What’s Your System Monitoring Solution?

System Monitoring Solution Cover

Prometheus and Grafana are today’s standards in the world of monitoring solutions. So, if you need an ideal system monitoring solution for the Linux environment, you should definitely consider installing these two with exporters best suited for your environment.

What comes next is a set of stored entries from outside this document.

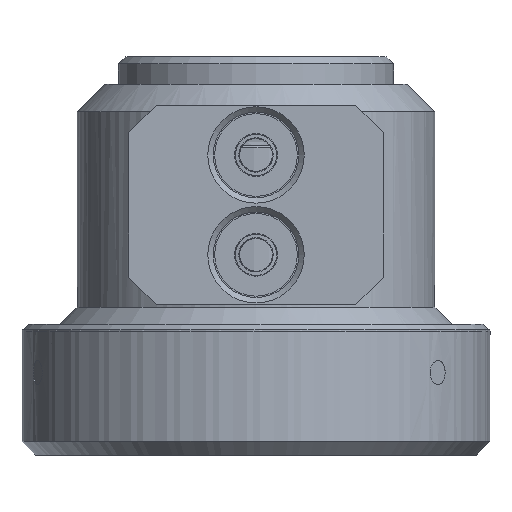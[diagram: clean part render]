
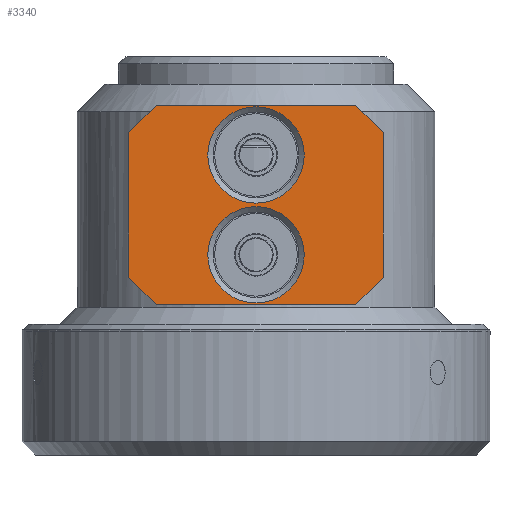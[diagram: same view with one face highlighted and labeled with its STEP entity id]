
A CAD part, front view. The second image highlights one B-rep face of the part: STEP entity #3340.
In plain terms, the highlighted face is planar.
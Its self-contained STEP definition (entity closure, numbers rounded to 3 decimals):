
#151=PLANE('',#3720);
#291=CIRCLE('',#3721,3.5);
#292=CIRCLE('',#3722,3.5);
#440=LINE('',#6812,#588);
#443=LINE('',#6818,#591);
#449=LINE('',#6831,#597);
#450=LINE('',#6833,#598);
#454=LINE('',#6842,#602);
#456=LINE('',#6849,#604);
#457=LINE('',#6851,#605);
#458=LINE('',#6852,#606);
#588=VECTOR('',#4201,1000.);
#591=VECTOR('',#4206,1000.);
#597=VECTOR('',#4214,1000.);
#598=VECTOR('',#4217,1000.);
#602=VECTOR('',#4223,1000.);
#604=VECTOR('',#4231,1000.);
#605=VECTOR('',#4232,1000.);
#606=VECTOR('',#4233,1000.);
#1095=ORIENTED_EDGE('',*,*,#1871,.T.);
#1096=ORIENTED_EDGE('',*,*,#1872,.T.);
#1097=ORIENTED_EDGE('',*,*,#1873,.T.);
#1098=ORIENTED_EDGE('',*,*,#1858,.F.);
#1099=ORIENTED_EDGE('',*,*,#1864,.T.);
#1100=ORIENTED_EDGE('',*,*,#1874,.T.);
#1101=ORIENTED_EDGE('',*,*,#1865,.T.);
#1102=ORIENTED_EDGE('',*,*,#1855,.T.);
#1103=ORIENTED_EDGE('',*,*,#1869,.T.);
#1104=ORIENTED_EDGE('',*,*,#1875,.T.);
#1855=EDGE_CURVE('',#2276,#2275,#440,.T.);
#1858=EDGE_CURVE('',#2278,#2279,#443,.T.);
#1864=EDGE_CURVE('',#2278,#2283,#449,.F.);
#1865=EDGE_CURVE('',#2284,#2276,#450,.F.);
#1869=EDGE_CURVE('',#2275,#2286,#454,.F.);
#1871=EDGE_CURVE('',#2288,#2288,#291,.F.);
#1872=EDGE_CURVE('',#2289,#2289,#292,.F.);
#1873=EDGE_CURVE('',#2290,#2279,#456,.F.);
#1874=EDGE_CURVE('',#2283,#2284,#457,.T.);
#1875=EDGE_CURVE('',#2286,#2290,#458,.T.);
#2275=VERTEX_POINT('',#6811);
#2276=VERTEX_POINT('',#6813);
#2278=VERTEX_POINT('',#6819);
#2279=VERTEX_POINT('',#6820);
#2283=VERTEX_POINT('',#6830);
#2284=VERTEX_POINT('',#6834);
#2286=VERTEX_POINT('',#6840);
#2288=VERTEX_POINT('',#6846);
#2289=VERTEX_POINT('',#6848);
#2290=VERTEX_POINT('',#6850);
#2656=EDGE_LOOP('',(#1095));
#2657=EDGE_LOOP('',(#1096));
#2658=EDGE_LOOP('',(#1097,#1098,#1099,#1100,#1101,#1102,#1103,#1104));
#3025=FACE_BOUND('',#2656,.T.);
#3026=FACE_BOUND('',#2657,.T.);
#3027=FACE_BOUND('',#2658,.T.);
#3340=ADVANCED_FACE('',(#3025,#3026,#3027),#151,.T.);
#3720=AXIS2_PLACEMENT_3D('',#6844,#4225,#4226);
#3721=AXIS2_PLACEMENT_3D('',#6845,#4227,#4228);
#3722=AXIS2_PLACEMENT_3D('',#6847,#4229,#4230);
#4201=DIRECTION('',(0.,0.,-1.));
#4206=DIRECTION('',(0.,0.,-1.));
#4214=DIRECTION('',(0.,-0.707,-0.707));
#4217=DIRECTION('',(0.,-0.707,0.707));
#4223=DIRECTION('',(0.,0.707,0.707));
#4225=DIRECTION('',(-1.,0.,0.));
#4226=DIRECTION('',(0.,0.,1.));
#4227=DIRECTION('',(-1.,0.,0.));
#4228=DIRECTION('',(0.,0.,1.));
#4229=DIRECTION('',(-1.,0.,0.));
#4230=DIRECTION('',(0.,0.,1.));
#4231=DIRECTION('',(0.,0.707,-0.707));
#4232=DIRECTION('',(0.,1.,0.));
#4233=DIRECTION('',(0.,-1.,0.));
#6811=CARTESIAN_POINT('',(78.6,-290.75,12.7));
#6812=CARTESIAN_POINT('',(78.6,-290.75,25.2));
#6813=CARTESIAN_POINT('',(78.6,-290.75,23.2));
#6818=CARTESIAN_POINT('',(78.6,-309.25,25.2));
#6819=CARTESIAN_POINT('',(78.6,-309.25,23.2));
#6820=CARTESIAN_POINT('',(78.6,-309.25,12.7));
#6830=CARTESIAN_POINT('',(78.6,-307.25,25.2));
#6831=CARTESIAN_POINT('',(78.6,-303.625,28.825));
#6833=CARTESIAN_POINT('',(78.6,-296.375,28.825));
#6834=CARTESIAN_POINT('',(78.6,-292.75,25.2));
#6840=CARTESIAN_POINT('',(78.6,-292.75,10.7));
#6842=CARTESIAN_POINT('',(78.6,-292.75,10.7));
#6844=CARTESIAN_POINT('',(78.6,-300.,25.2));
#6845=CARTESIAN_POINT('',(78.6,-300.,21.575));
#6846=CARTESIAN_POINT('',(78.6,-300.,25.075));
#6847=CARTESIAN_POINT('',(78.6,-300.,14.325));
#6848=CARTESIAN_POINT('',(78.6,-300.,17.825));
#6849=CARTESIAN_POINT('',(78.6,-307.25,10.7));
#6850=CARTESIAN_POINT('',(78.6,-307.25,10.7));
#6851=CARTESIAN_POINT('',(78.6,-300.,25.2));
#6852=CARTESIAN_POINT('',(78.6,-300.,10.7));
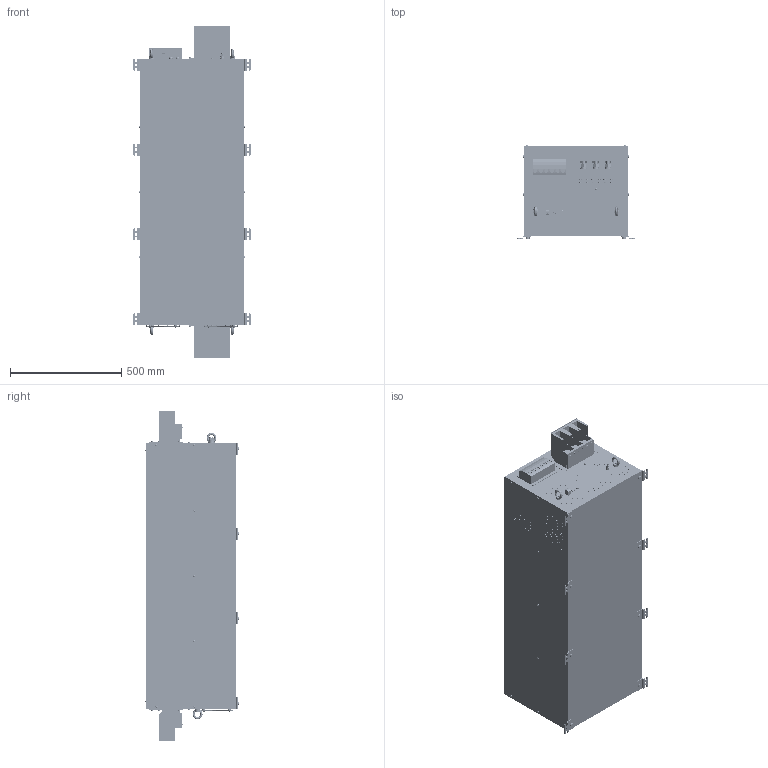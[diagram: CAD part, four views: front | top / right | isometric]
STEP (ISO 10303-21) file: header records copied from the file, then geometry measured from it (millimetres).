
FILE_DESCRIPTION (( 'STEP AP214' ), '1' );
FILE_NAME ('480226.STEP', '2025-05-05T15:20:56', ( '' ), ( '' ), 'SwSTEP 2.0', 'SolidWorks 2022', '' );
FILE_SCHEMA (( 'AUTOMOTIVE_DESIGN' ));
Products named in the file (1): 480226
Bounding box: 527.5 x 419.4 x 1494.6 mm (x, y, z)
Volume: 230534627.7 mm3; surface area: 3019389.8 mm2
Topology: 1 solids, 18 shells, 7118 faces, 16063 edges, 10346 vertices
Faces by surface type: cylinder 3533, plane 3073, bspline 268, torus 162, sphere 60, cone 22
Entity records: 211034 total; most frequent: CARTESIAN_POINT 46888, DIRECTION 36738, ORIENTED_EDGE 31630, EDGE_CURVE 15815, AXIS2_PLACEMENT_3D 14960, VERTEX_POINT 10346, EDGE_LOOP 8935, CIRCLE 8109

Today, we are going to use one of the best-known exporters called Node Exporter. It is used for scraping hardware and OS metrics exposed by *NIX kernels, written in Go with pluggable metric collectors. Node Exporter gives us general metrics like CPU, RAM, disk usage, and so on. For the purpose of this task, I will be using CentOS 7.6 OpenVZ VPS. So, let’s cut right to the chase and open some terminals.

System info:

[[email protected] ~]# cat /etc/*release
CentOS Linux release 7.6.1810 (Core)
NAME="CentOS Linux"
VERSION="7 (Core)"

Now, let’s upgrade.

[[email protected] ~]# yum upgrade -y

On this occasion, we are going to do everything from the terminal.

Prometheus

Our first task is to install Prometheus.

Firstly, you need to download the Prometheus source code:

[[email protected] ~]# wget --progress=dot https://github.com/$(wget https://github.com/prometheus/prometheus/releases/ -O - | egrep '/.*/.*/*.linux-amd64.tar.gz' -o)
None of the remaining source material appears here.